A critical aspect of PEXL's selection process, the measurement of free cash flow growth, appears to be fundamentally flawed. The ETF evaluates a company's free cash flow by simply comparing its current year's free cash flow per share with that from five years prior. This simplistic approach fails to account for the dynamic nature of global markets and unforeseen events, such as widespread economic disruptions. For instance, the recent global health crisis severely impacted numerous industries, leading to significant fluctuations in financial metrics.

This reliance on a comparative five-year growth metric has inadvertently led PEXL to include a considerable number of companies that were profoundly affected by the COVID-19 pandemic's economic shutdowns. Among these are major players in the cruise line industry, such as Carnival and Royal Caribbean Cruises. These businesses experienced unprecedented operational halts and financial strain during the pandemic, which would naturally distort their free cash flow growth figures when compared to pre-pandemic levels. Such inclusions suggest a lack of resilience and stability within the ETF's holdings, contradicting the usual expectations for a well-managed fund.

Furthermore, the ETF's underlying fundamentals raise questions about its long-term viability. Despite its stated objective of identifying 'export leaders', the composition of its portfolio, influenced by the aforementioned flawed methodology, does not consistently reflect a commitment to high-quality, stable investments.
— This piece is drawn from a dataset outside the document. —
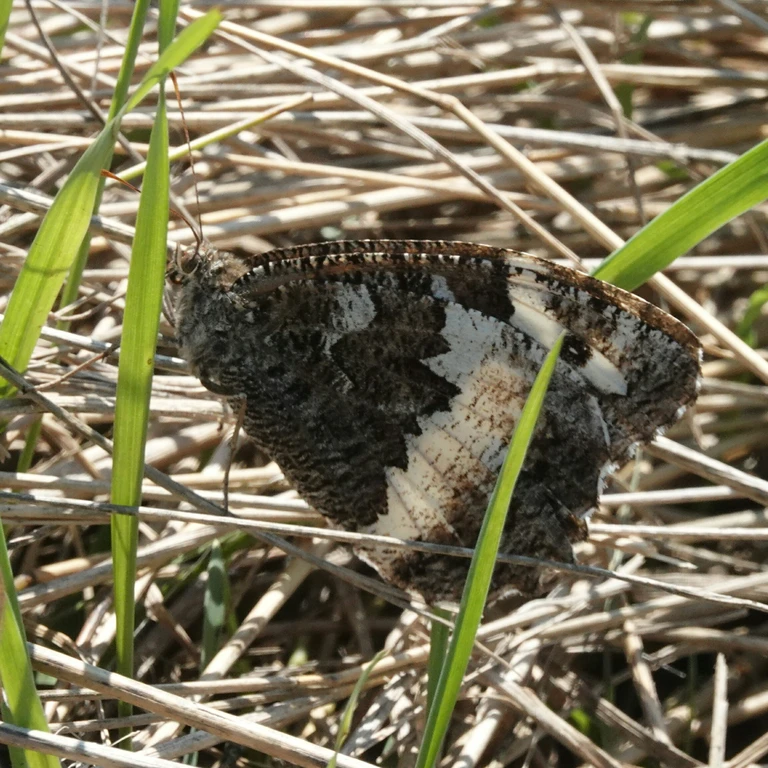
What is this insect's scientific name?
Brintesia circe

The inclusion of companies still recovering from significant economic setbacks, solely based on a narrow interpretation of cash flow growth, suggests an oversight in broader financial health and operational stability. This strategic misstep, coupled with an expense ratio of 0.60%, makes PEXL a less attractive option for investors seeking reliable growth and consistent returns.

In conclusion, the PEXL ETF's strategy, designed to identify leading U.S. export companies, exhibits significant weaknesses. The methodology's limitations, particularly its measurement of free cash flow growth, have resulted in a portfolio that includes financially vulnerable companies. This, combined with its notable expense ratio, signals that PEXL might not be a suitable choice for those prioritizing investment quality and resilience.